A shout-out to Lord Byron for finally telling my side of the story.

Also,

Romantic Poets: The Musical Interlude

[William Blake

I can't think of one for poor Keats. :(

Thank Urizen you didn't link to ELP's version of Jerusalem...

Personally, I like Blake a lot, but I agree with Samnell - can be hard going (especially the prophetic books). It helps if you can get hold of the illustrated books, which are gorgeous - Dover released a complete edition, but it's not super cheap by any means...

Before I go, here's The Fugs' version of How Sweet I Roamed. Why not, eh?


Uh oh, this is turning into the music thread!

Never bothered with the prophetic books. Loved Songs when I was 16. Read it again a couple of years ago. It was okay.

Allen Ginsberg, of course, once had a vision of Blake as he was masturbating that served as some kind of epiphany that guided him for the rest of his life.

Poets...


Anyway, we all know that poetry is self-indulgent, petty-bourgeois individualist nonsense.

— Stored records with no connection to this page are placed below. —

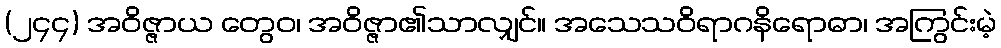
(၂၄၄) အဝိဇ္ဇာယ တွေဝ၊ အဝိဇ္ဇာ၏သာလျှင်။ အသေသဝိရာဂနိရောဓာ၊ အကြွင်းမဲ့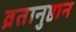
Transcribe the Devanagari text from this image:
व्रतानुष्ठान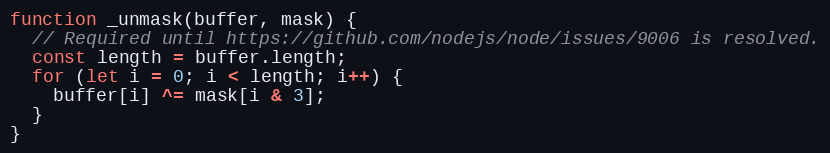
Language: JavaScript
function _unmask(buffer, mask) {
  // Required until https://github.com/nodejs/node/issues/9006 is resolved.
  const length = buffer.length;
  for (let i = 0; i < length; i++) {
    buffer[i] ^= mask[i & 3];
  }
}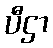
ပီဌာ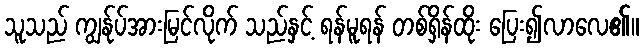
သူသည် ကျွန်ုပ်အားမြင်လိုက် သည်နှင့် ရန်မူရန် တစ်ရှိန်ထိုး ပြေး၍လာလေ၏။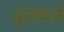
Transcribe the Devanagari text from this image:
बुजवले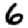
Digit: 6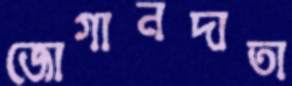
জোগানদাতা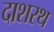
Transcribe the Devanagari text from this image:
दाशरथ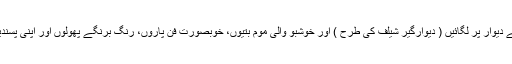
پِھر اسے مضبوطی سے دیوار پر لگائیں ( دیوارگیر شیلف کی طرح ) اور خوشبو والی موم بتیوں، خوبصورت فن پاروں، رنگ برنگے پھولوں اور اپنی پسندیدہ کتابوں سے سجائیں۔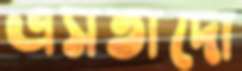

I recently read Empire Defeated: The Vietnam War: Lessons for Today by British commie Peter Taafe. Even though he is a long-standing maddog Trotskyite crypto-fascist, he still said nice things about me. [Blushes]

Then I read Marxism and Darwinism, a small 30-page pamphlet by Dutch "council communist" Anton Pannekoek.

After that I read a children's book about that dashing young Argentinian, Che Guevara. My mother has spent her life working for the school library department and it has affected her reading habits, but she did, at the age of 59, start reading about communism.

After that I went and finished Ain't I A Woman: Black Women and Feminism by Bell Hooks, whose name I am capitalizing because I am a racist patriarchalist!

Now I'm going to go finish off The Hunger Games.

Silver Crusade

I took a college course in English Romanticism. I slept through a lot of it. They shouldn't make you discuss Blake at 8:30am.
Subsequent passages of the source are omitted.